The common sub-expression can be avoided by storing its value in a temporary variable which can cache its result. After applying this Common Sub-expression Elimination technique the program becomes:
t0 = b + c a = t0 d = e + f g = t0
Thus in the last statement the re-computation of the expression b + c
is avoided.
Copy Propagation
[edit | edit source]Given an assignment x=y, replace later uses of x with y, provided there are no intervening assignments to x or y. Here the code will become smaller. Example:
x[i]=a;
sum=x[i]+a;
instead of this we can use:
x[i]=a;
sum=a+a;
For x[i]=a, is copy statements.Use of 'a' for 'x[i]', whenever possible after copy statement.Here it may not appear to be code improvement, but opens up scope for other optimizations.
Code Motion
[edit | edit source]This optimization technique mainly deals to reduce the number of source code lines in the program. For example, consider the code below:
for (i = 0; i < n; ++i) {
x = y + z;
a[i] = 6 * i + x * x;
}
The calculations x = y + z
and x * x
can be moved outside the loop since within they are loop invariant - they do not change over the iterations of the loop - so our optimized code will be something like this:
x = y + z;
t1 = x * x;
for (i = 0; i < n; ++i) {
a[i] = 6 * i + t1;
}
This code can be optimized further. For example, strength reduction could remove the two multiplications inside the loop (6*i
and a[i]
).
Another example of code motion:
for(i=0;i<10;i++) { a = a + c; }
In the above mentioned code, a = a + c can be moved out of the 'for' loop, and the new code is
a = a + 10*c;
Induction Variable Elimination
[edit | edit source]A variable is said to be induction variable if this gets increased and decreased by a fixed amount on every iteration of a loop. ex:
for(i=0; i<10; i++) { j=17*i; }
Here i,j are induction variables If two or more induction variables in loop, it may be possible to get rid of all but one. Eventually we can eliminate j from this loop.
Reduction In Strength
[edit | edit source]This concept refers to the compiler optimization method of substituting some machine instruction(s) by cheaper one(s) maintaining equivalence in results. Since some operators have different strength i.e use different space in the memory. This type of optimization can generate high gains especially when targeting different hardware and the compiler is aware of the subtle differences it can benefit from.
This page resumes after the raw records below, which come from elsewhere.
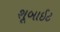
શૂબાઈટ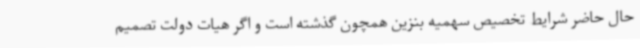
حال حاضر شرایط تخصیص سهمیه بنزین همچون گذشته است و اگر هیات دولت تصمیم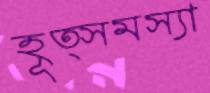
হূত্সমস্যা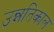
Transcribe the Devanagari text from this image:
उन्नतिकाल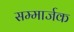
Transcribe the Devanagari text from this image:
सम्मार्जक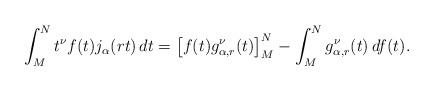
LaTeX: \begin{align*}\int_M^N t^\nu f(t) j_\alpha(rt)\, dt = \big[ f(t) g^\nu_{\alpha,r}(t)\big]^N_M - \int_M^N g^\nu_{\alpha,r}(t)\, df(t).\end{align*}
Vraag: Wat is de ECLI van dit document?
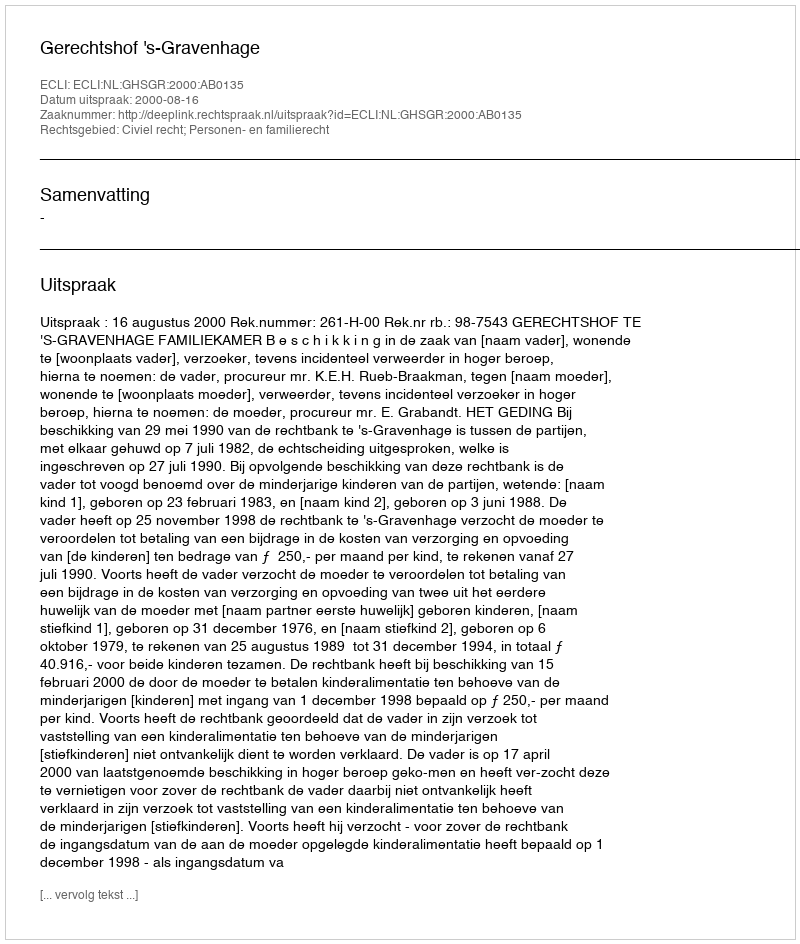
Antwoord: ECLI:NL:GHSGR:2000:AB0135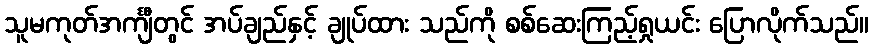
သူမကုတ်အင်္ကျီတွင် အပ်ချည်နှင့် ချုပ်ထား သည်ကို စစ်ဆေးကြည့်ရှုယင်း ပြောလိုက်သည်။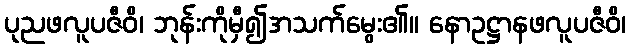
ပုညဖလူပဇီဝိ၊ ဘုန်းကိုမှီ၍အသက်မွေး၏။ နောဥဋ္ဌာနဖလူပဇီဝိ၊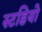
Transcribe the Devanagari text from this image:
स्टडियो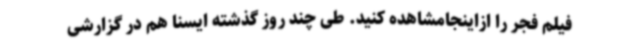
فیلم فجر را ازاینجامشاهده کنید. طی چند روز گذشته ایسنا هم در گزارشی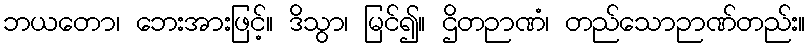
ဘယတော၊ ဘေးအားဖြင့်။ ဒိသွာ၊ မြင်၍။ ဌိတဉာဏံ၊ တည်သောဉာဏ်တည်း။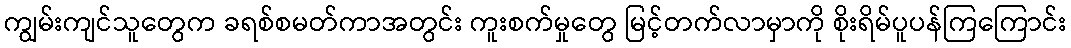
ကျွမ်းကျင်သူတွေက ခရစ်စမတ်ကာအတွင်း ကူးစက်မှုတွေ မြင့်တက်လာမှာကို စိုးရိမ်ပူပန်ကြကြောင်း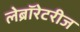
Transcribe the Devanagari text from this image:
लेब्रॉरेटरीज
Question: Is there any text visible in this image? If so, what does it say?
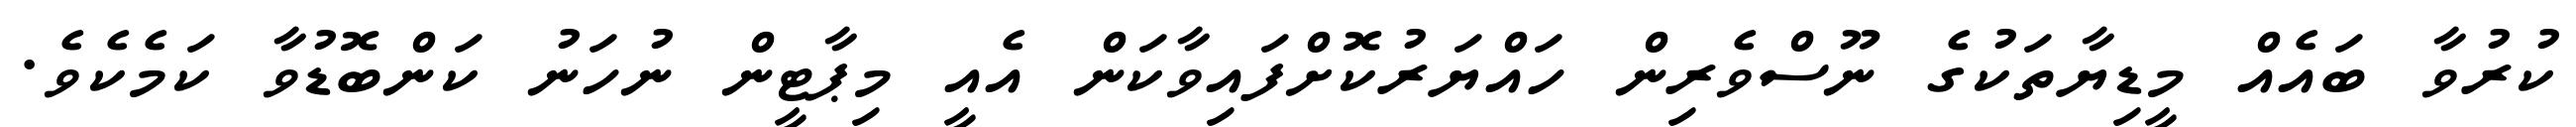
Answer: ކުރުވާ ބައެއް މީޑިޔާތަކުގެ ނޫސްވެރިން ހައްޔަރުކޮށްފައިވާކަން އެއީ މިޕާޓީން ނުހަނު ކަންބޮޑުވާ ކަމެކެވެ.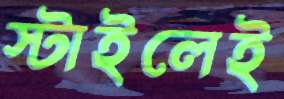
স্টাইলেই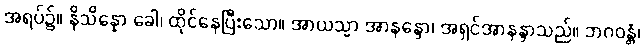
အရပ်၌။ နိသိန္နော ခေါ၊ ထိုင်နေပြီးသော။ အာယသ္မာ အာနန္ဒော၊ အရှင်အာနန္ဒာသည်။ ဘဂဝန္တံ၊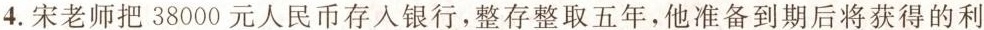
4.宋老师把38000元人民币存入银行，整存整取五年，他准备到期后将获得的利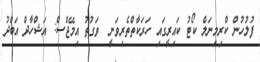
ފުލުހުން ކްރިމިނަލް ކޯޓު ކައިރީގައި ހަރަކާތްތެރިވަނީ  ވަގުތު އިމޭޖްސް: އަޝްހާދް އަބްދު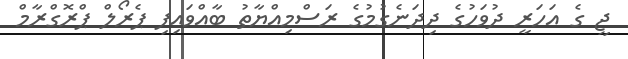
ޖީ ގެ އަހަރީ ދުވަހުގެ ދިދަނެގުމުގެ ރަސްމިއްޔާތު ބާއްވައިފި ޕެރޯލް ޕްރޮގްރާމް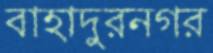
বাহাদুরনগর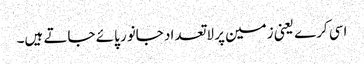
اسی کرے یعنی زمین پر لاتعداد جانور پائے جاتے ہیں۔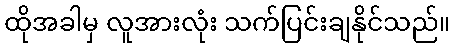
ထိုအခါမှ လူအားလုံး သက်ပြင်းချနိုင်သည်။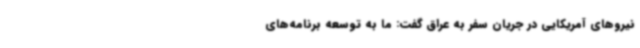
نیروهای آمریکایی در جریان سفر به عراق گفت: ما به توسعه برنامه‌های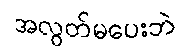
အလွတ်မပေးဘဲ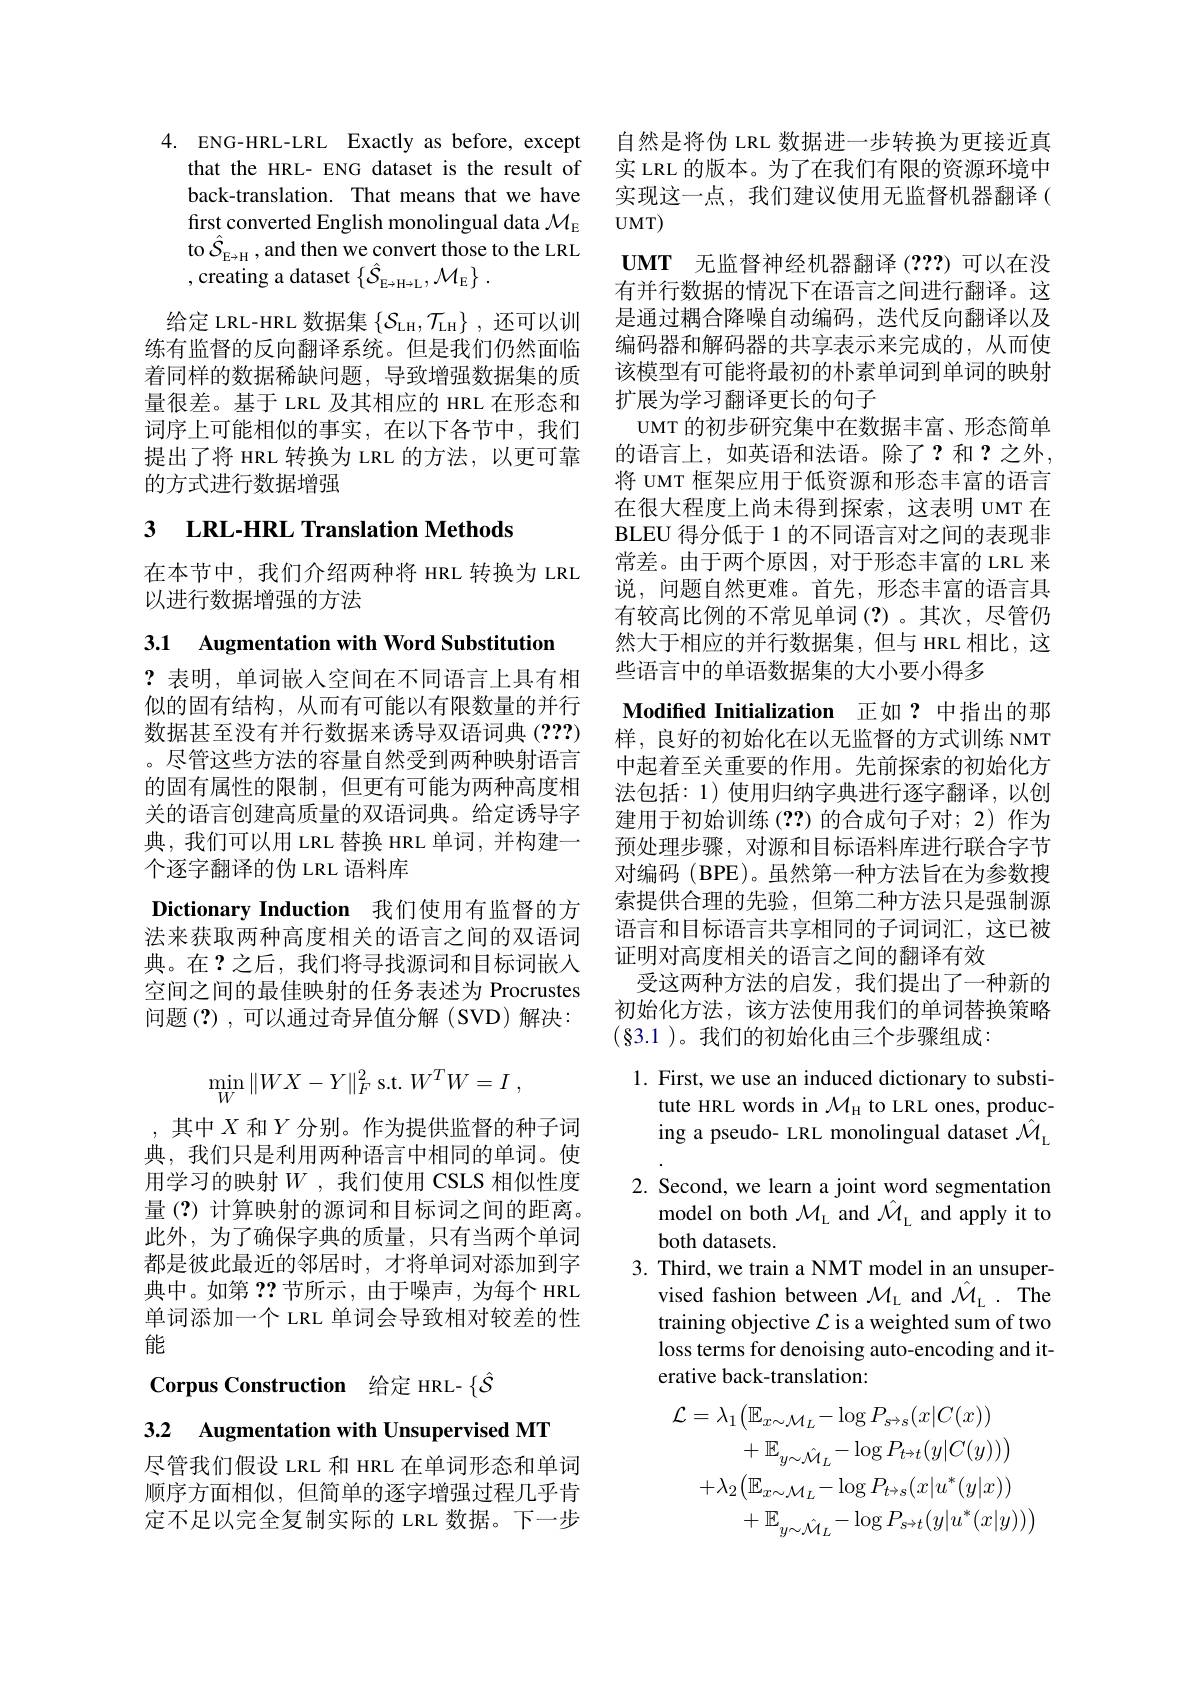
4. ENG-HRL-LRL Exactly as before, except
that the HRL- ENG dataset is the result of back-translation. That means that we have first converted English monolingual data $\mathcal{M}_\mathrm{E}$ to $\hat{\mathcal{S}}_{\mathrm{E\to H}}$,and then we convert those to the LRL ,creating a dataset$\left\{\hat{\mathcal{S}}_{\mathrm{E}\to\mathrm{H}\to\mathrm{L}},\mathcal{M}_{\mathrm{E}}\right\}.$

给定 LRL-HRL 数据集$\{\mathcal{S}_\mathrm{LH},\mathcal{T}_\mathrm{LH}\}$ ,还可以训练有监督的反向翻译系统。但是我们仍然面临着同样的数据稀缺问题，导致增强数据集的质量很差。基于 LRL 及其相应的 HRL 在形态和词序上可能相似的事实，在以下各节中，我们提出了将 HRL 转换为 LRL 的方法，以更可靠的方式进行数据增强

# 3 LRL-HRL Translation Methods

在本节中，我们介绍两种将 HRL 转换为 LRL
以进行数据增强的方法

3.1 Augmentation with Word Substitution
?表明，单词嵌入空间在不同语言上具有相似的固有结构，从而有可能以有限数量的并行数据甚至没有并行数据来诱导双语词典 (???) 。尽管这些方法的容量自然受到两种映射语言的固有属性的限制，但更有可能为两种高度相关的语言创建高质量的双语词典。给定诱导字典，我们可以用 LRL 替换 HRL 单词，并构建一个逐字翻译的伪 LRL 语料库
Dictionary Induction 我们使用有监督的方法来获取两种高度相关的语言之间的双语词典。在？之后，我们将寻找源词和目标词嵌人空间之间的最佳映射的任务表述为 Procrustes 问题(?),可以通过奇异值分解(SVD)解决：
$$\min\limits_{W}\|WX-Y\|_{F}^{2}\:\mathrm{s.t.}\:W^{T}W=I\:,$$
,其中$X$和$Y$分别。作为提供监督的种子词典，我们只是利用两种语言中相同的单词。使用学习的映射$W$,我们使用 CSLS 相似性度量(?)计算映射的源词和目标词之间的距离。此外，为了确保字典的质量，只有当两个单词都是彼此最近的邻居时，才将单词对添加到字典中。如第？?节所示，由于噪声，为每个 HRL 单词添加一个 LRL 单词会导致相对较差的性能

# Corpus Construction 给定 HRL- $\{\hat{S}$ 3.2 Augmentation with Unsupervised MT

尽管我们假设 LRL 和 HRL 在单词形态和单词顺序方面相似，但简单的逐字增强过程几乎肯定不足以完全复制实际的 LRL 数据。下一步

自然是将伪 LRL 数据进一步转换为更接近真实 LRL 的版本。为了在我们有限的资源环境中实现这一点，我们建议使用无监督机器翻译( $UMT)$
$\textbf{UMT}$ 无监督神经机器翻译 (2??) 可以在没有并行数据的情况下在语言之间进行翻译。这是通过耦合降噪自动编码，迭代反向翻译以及编码器和解码器的共享表示来完成的，从而使该模型有可能将最初的朴素单词到单词的映射扩展为学习翻译更长的句子
UMT 的初步研究集中在数据丰富、形态简单的语言上，如英语和法语。除了？和？之外， 将 UMT 框架应用于低资源和形态丰富的语言在很大程度上尚未得到探索，这表明 UMT 在BLEU 得分低于 1 的不同语言对之间的表现非常差。由于两个原因，对于形态丰富的 LRL 来说，问题自然更难。首先，形态丰富的语言具有较高比例的不常见单词(?)。其次，尽管仍然大于相应的并行数据集，但与 HRL 相比，这些语言中的单语数据集的大小要小得多
Modified Initialization 正如？中指出的那样，良好的初始化在以无监督的方式训练 NMT 中起着至关重要的作用。先前探索的初始化方法包括：1)使用归纳字典进行逐字翻译，以创建用于初始训练(??)的合成句子对；2)作为预处理步骤，对源和目标语料库进行联合字节对编码(BPE)。虽然第一种方法旨在为参数搜索提供合理的先验，但第二种方法只是强制源语言和目标语言共享相同的子词词汇，这已被证明对高度相关的语言之间的翻译有效
受这两种方法的启发，我们提出了一种新的初始化方法，该方法使用我们的单词替换策略$(\S3.1)。我们的初始化由三个步骤组成：$
1. First, we use an induced dictionary to substi-

tute HRL words in $\mathcal{M}_\mathrm{H}$ to LRL ones, producing a pseudo- LRL monolingual dataset $\hat{\mathcal{M}}_{\mathrm{L}}$
2. Second, we learn a joint word segmentation
model on both $\mathcal{M}_\mathrm{L}$ and $\hat{\mathcal{M}}_\mathrm{L}$ and apply it to
both datasets.
3. Third, we train a NMT model in an unsuper-
vised fashion between $\mathcal{M}_\mathrm{L}$ and $\hat{\mathcal{M}}_\mathrm{L}.$ The training objective $\mathcal{L}$ is a weighted sum of two loss terms for denoising auto-encoding and iterative back-translation:
$$\mathcal{L}=\lambda_{1}\big(\mathbb{E}_{x\sim\mathcal{M}_{L}}-\log P_{s\to s}(x|C(x))\\+\mathbb{E}_{y\sim\hat{\mathcal{M}}_{L}}-\log P_{t\to t}(y|C(y))\big)\\+\lambda_{2}\big(\mathbb{E}_{x\sim\mathcal{M}_{L}}-\log P_{t\to s}(x|u^{*}(y|x))\\+\mathbb{E}_{y\sim\hat{\mathcal{M}}_{L}}-\log P_{s\to t}(y|u^{*}(x|y))\big)$$

For ex- Strength of *(Multiply) is "Higher" than +(Add).
So,in this type of optimization Higher Strength Operators are replaced by Lower Strength Operators.
Example
Given that
Length(S1 || S2)
where S1 and S2 have some values.
So If we apply the rule then
Length(S1 || S2) ---(Replaced By)--> [Length(S1) + Length(S2)]
As + operation is cheaper than the ||.
and it was Cleared by the above example that there will no change in Result.
Function Chunking
[edit | edit source]Function chunking is a compiler optimization for improving code locality. Profiling information is used to move rarely executed code outside of the main function body. This allows for memory pages with rarely executed code to be swapped out.